» **TASK BRIEF**: The listing below should be written out word for word, with its pictures removed.

» **SUPPLIED DATA**:
○ ○ ○ ○
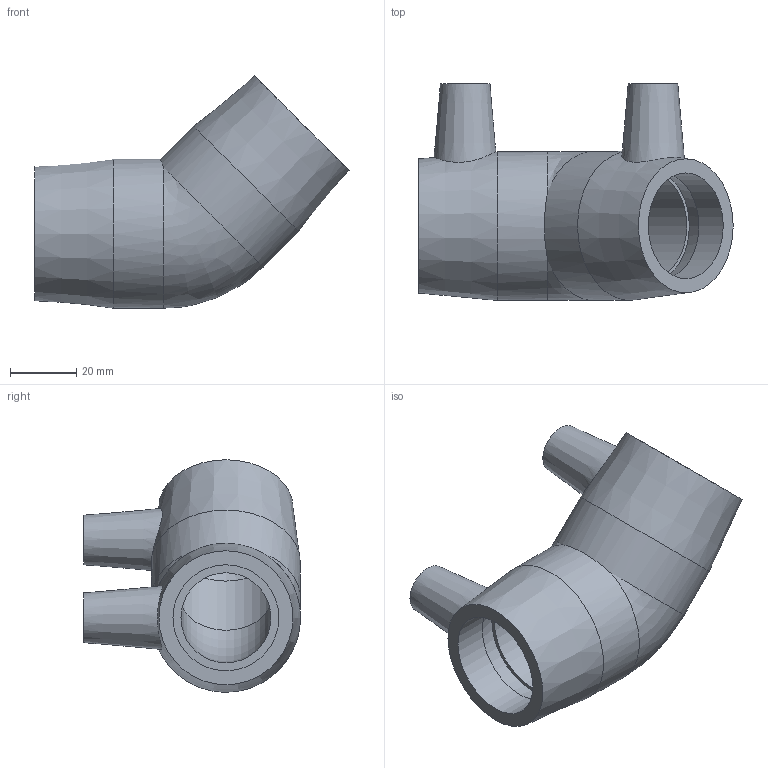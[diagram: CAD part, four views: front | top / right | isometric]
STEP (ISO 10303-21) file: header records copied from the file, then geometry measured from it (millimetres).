
FILE_DESCRIPTION(/* description */ ('PLASSON 45° ELBOW 32'),/* implementation_level */ '2;1');
FILE_NAME(/* name */ '490604032.ipt.stp',/* time_stamp */ '2017-11-06T09:11:52+02:00',/* author */ ('KIM'),/* organization */ (''),/* preprocessor_version */ 'ST-DEVELOPER v15.6',/* originating_system */ 'Autodesk Inventor 2015',/* authorisation */ '');
FILE_SCHEMA (('AUTOMOTIVE_DESIGN { 1 0 10303 214 3 1 1 }'));
Length unit declared in the file: millimetre
Products named in the file (1): 490604032
Bounding box: 95 x 65.5 x 70.24 mm (x, y, z)
Volume: 77456.3 mm3; surface area: 27161.2 mm2
Topology: 1 solids, 1 shells, 30 faces, 62 edges, 40 vertices
Faces by surface type: plane 12, cylinder 10, cone 6, bspline 1, torus 1
Full cylindrical faces by diameter (mm): 4 x2, 10 x2, 32 x4, 45 x2
Entity records: 720 total; most frequent: CARTESIAN_POINT 184, DIRECTION 118, ORIENTED_EDGE 62, EDGE_LOOP 59, AXIS2_PLACEMENT_3D 59, EDGE_CURVE 31, FACE_OUTER_BOUND 30, VERTEX_POINT 30
○ ○ ○ ○
» **RESPONSE BELOW**:
[diagram: CAD part, four views: front | top / right | isometric]
STEP (ISO 10303-21) file: header records copied from the file, then geometry measured from it (millimetres).
FILE_DESCRIPTION(/* description */ ('PLASSON 45° ELBOW 32'),/* implementation_level */ '2;1');
FILE_NAME(/* name */ '490604032.ipt.stp',/* time_stamp */ '2017-11-06T09:11:52+02:00',/* author */ ('KIM'),/* organization */ (''),/* preprocessor_version */ 'ST-DEVELOPER v15.6',/* originating_system */ 'Autodesk Inventor 2015',/* authorisation */ '');
FILE_SCHEMA (('AUTOMOTIVE_DESIGN { 1 0 10303 214 3 1 1 }'));
Length unit declared in the file: millimetre
Products named in the file (1): 490604032
Bounding box: 95 x 65.5 x 70.24 mm (x, y, z)
Volume: 77456.3 mm3; surface area: 27161.2 mm2
Topology: 1 solids, 1 shells, 30 faces, 62 edges, 40 vertices
Faces by surface type: plane 12, cylinder 10, cone 6, bspline 1, torus 1
Full cylindrical faces by diameter (mm): 4 x2, 10 x2, 32 x4, 45 x2
Entity records: 720 total; most frequent: CARTESIAN_POINT 184, DIRECTION 118, ORIENTED_EDGE 62, EDGE_LOOP 59, AXIS2_PLACEMENT_3D 59, EDGE_CURVE 31, FACE_OUTER_BOUND 30, VERTEX_POINT 30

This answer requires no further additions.